— Пустяки-с. Исторический материализм в лучшем iQ случае попытается объяснить происхождение тех или других общественных настроений (эротизм, мистицизм) борьбой разных социальных сил. Хорошо ли он это сделает или плохо, мне сейчас все равно. Но ведь я-то, которому вы преподнесете ваши сомнительные объяснения, все-таки умру, и все те перспективы, которые развернет предо мною ваш исторический материализм, я, если даже уверую в них, для своего душевного обихода, все-таки вставлю в перспективу моей неизбежной смерти. Я спрашиваю: где же я найду примирение и избавление — не от смерти, конечно, а от психологического раздвоения, ею ежечасно порождаемого? Где? Вне мистики — нигде. Нигде! Это нужно честно признать. Но так как на мистику, на самоубийство разума, я не способен, то обращаюсь к искусству. Оно меня понимает и не отталкивает. Оно знает мои часы безумной бессонницы, когда кажется, что видишь самое дно бездны небытия. Оно знает тяжкие противоречия моего духа и находит для них звуки и краски… Я понимаю, что это только суррогат. Но вы-то что мне предлагаете? Объективный анализ? Аргументы неизбежности? Имманентное развитие-с? Отрицание отрицания? Да ведь этого для меня — не для интеллекта моего, для воли моей — страшно мало.
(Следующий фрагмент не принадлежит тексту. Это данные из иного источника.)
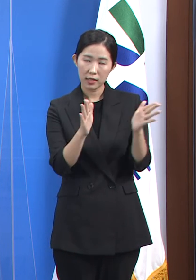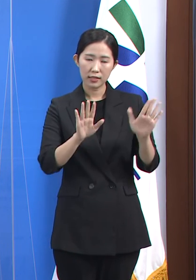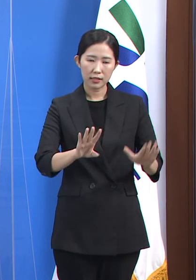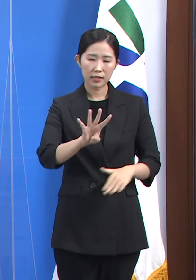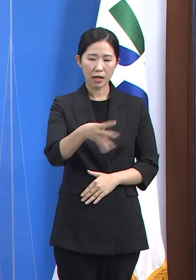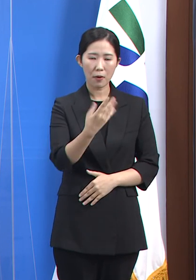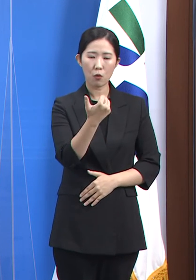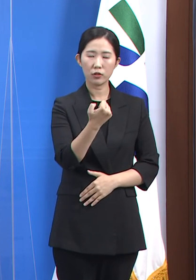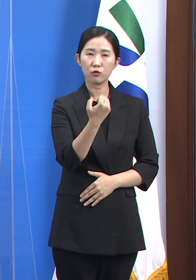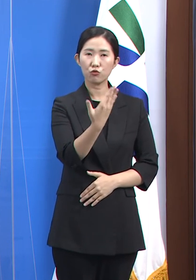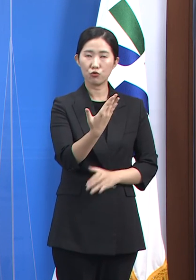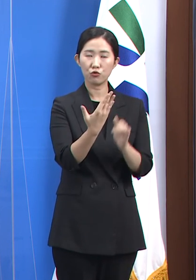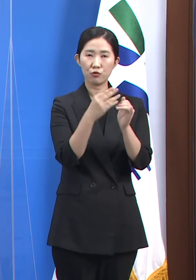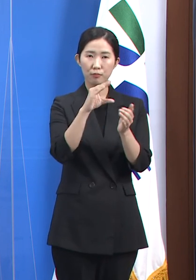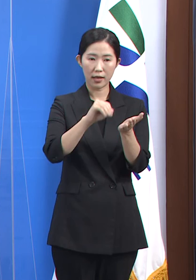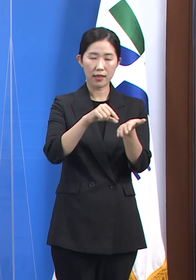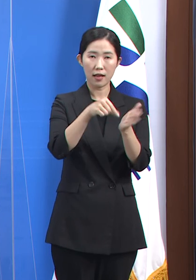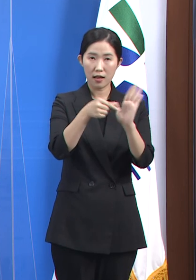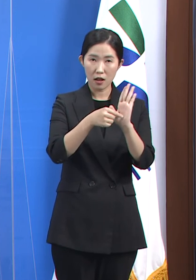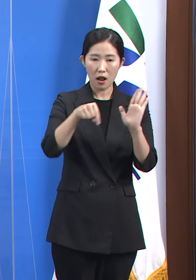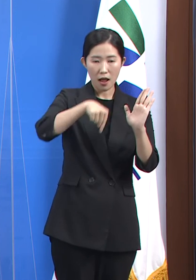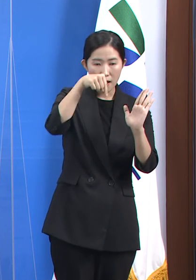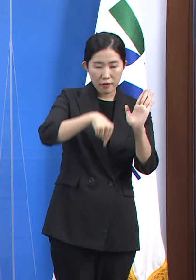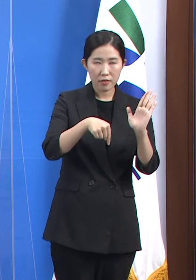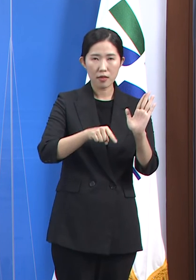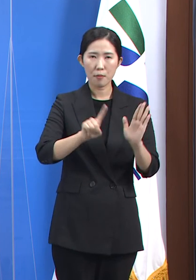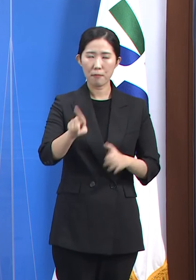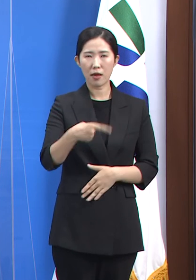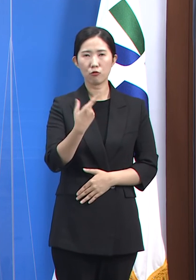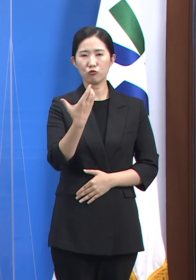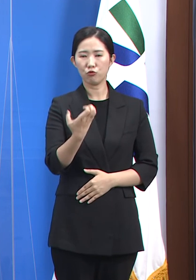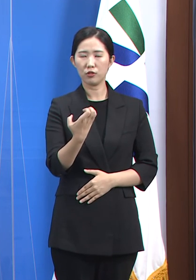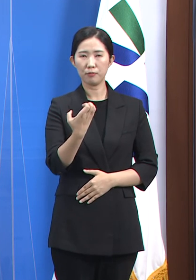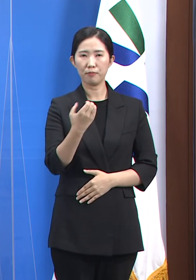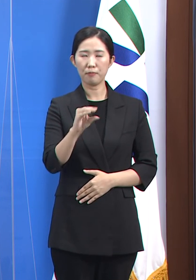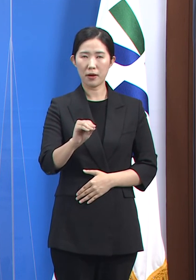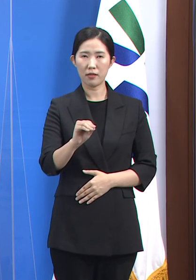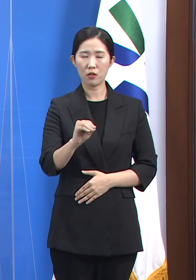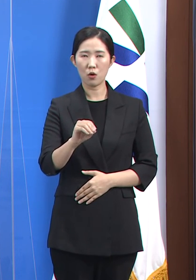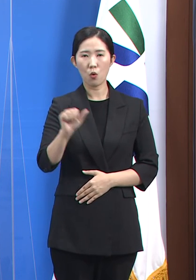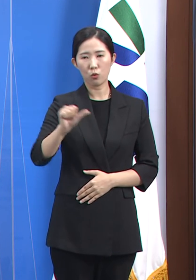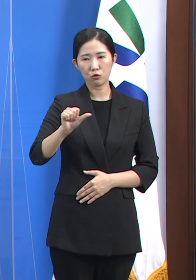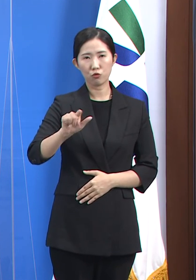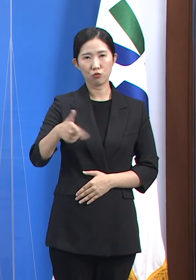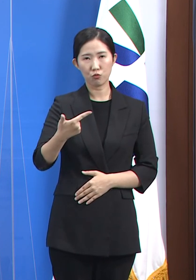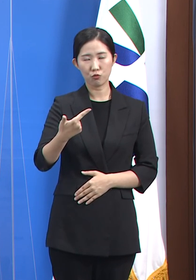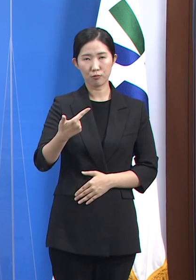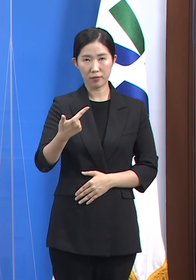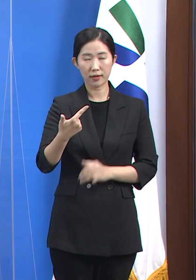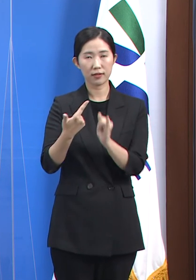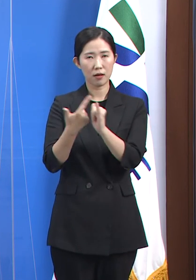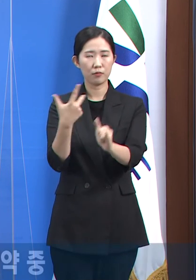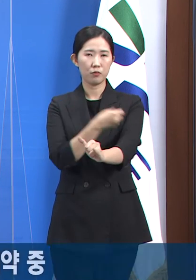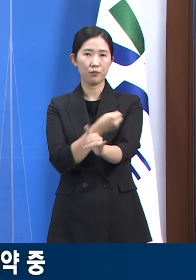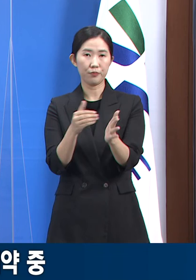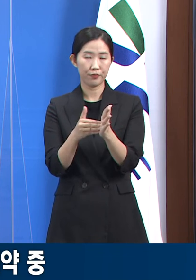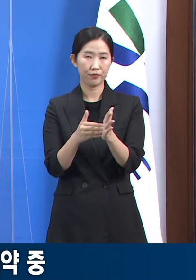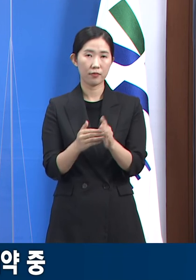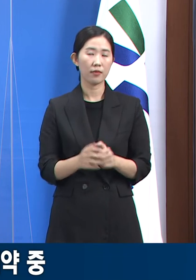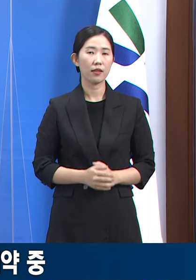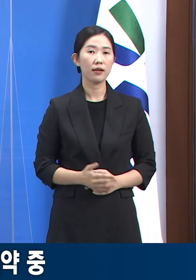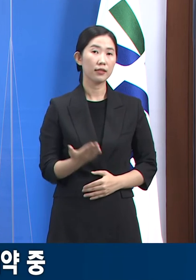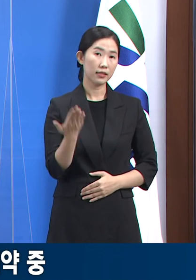41.9%에 해당하는 190만 6,580명이 접종하였습니다. 한편 지난

Вы меня с этим психологически, морально, религиозно свяжите! Вы нащупайте в моей душе религиозную петлю, зацепите ее крючком вашего исторического детерминизма, тогда и волоките меня. Я с радостью повлекусь, «Осанна!» кричать буду. А вы ведь не только не ищете — вы издеваетесь. «Принимая во внимание резкое повышение учетного процента на нью-йоркской бирже, с одной стороны, а равно консолидацию французской реакции вокруг министерства Клемансо»… — вот все, что вы можете предложить. Этого мало, оскорбительно мало… Да ведь солнце-то потухнет? Я вас спрашиваю: потухнет? Ведь это тоже объективный процесс, да еще и почище всякого другого. Вот вам уж и две объективности! С одной стороны, учетный процент где-то там, на каком-то клочке какой-то маленькой планеты, а с другой — во всей машине нашего мира пар на исходе…
— Ну еще, положим, не совсем на исходе, — возразил весело журналист, на которого велась атака. — Garcon, un grogue americain, s'il vous pla?t!
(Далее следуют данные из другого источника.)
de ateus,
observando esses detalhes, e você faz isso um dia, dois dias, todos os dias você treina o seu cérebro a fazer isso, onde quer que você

— He сегодня, так через двести тысяч лет. Принципиально это совершенно одно и то же. Важно то, что та социальная объективность, которою вы — простите— столь бесцеремонно хотите прикрыть мою личность, сама, как крышкой, придавлена сверху безотраднейшей космической объективностью. И глядя на эти две крышки, да еще крепко памятуя, что третьей «крышки», то есть личной смерти, ему уже никак не миновать, притом же не через двести тысяч лет, а значительно раньше, господин интеллигент возьмет да и скажет: «Черт с вами со всеми!» Наденет шляпу на ухо и уйдет в нехорошее место. Вот вам и нью-йоркский учет! Вот вам и Клемансо-с!
Все рассмеялись.
— Я со своей стороны, — обратился к журналисту застенчивый белокурый мальчик лет двадцати двух, — хочу сказать вам, если позволите, несколько слов по поводу так называемого «анархизма плоти», о котором вы сегодня с таким презрением упомянули в вашем реферате… Дело, конечно, не в названии, но я думаю, что это все-таки честная и смелая попытка ответить на огромный и трагический вопрос. Это прежде всего призыв подойти к делу просто, освободиться от совершенно призрачных и тем не менее страшно мучительных противоречий. Если хотите — это новая реабилитация жизни, необходимая время от времени в обществе, которое, как паук, ткет из себя паутину предрассудков и ложной морали. Фельетонисты теперь усердно подбирают примеры излишеств и уродств новой литературы. Как будто всякая борьба — политическая, социальная, религиозная — не создает своих эксцессов. Но ядро-то все-таки здоровое и прогрессивное…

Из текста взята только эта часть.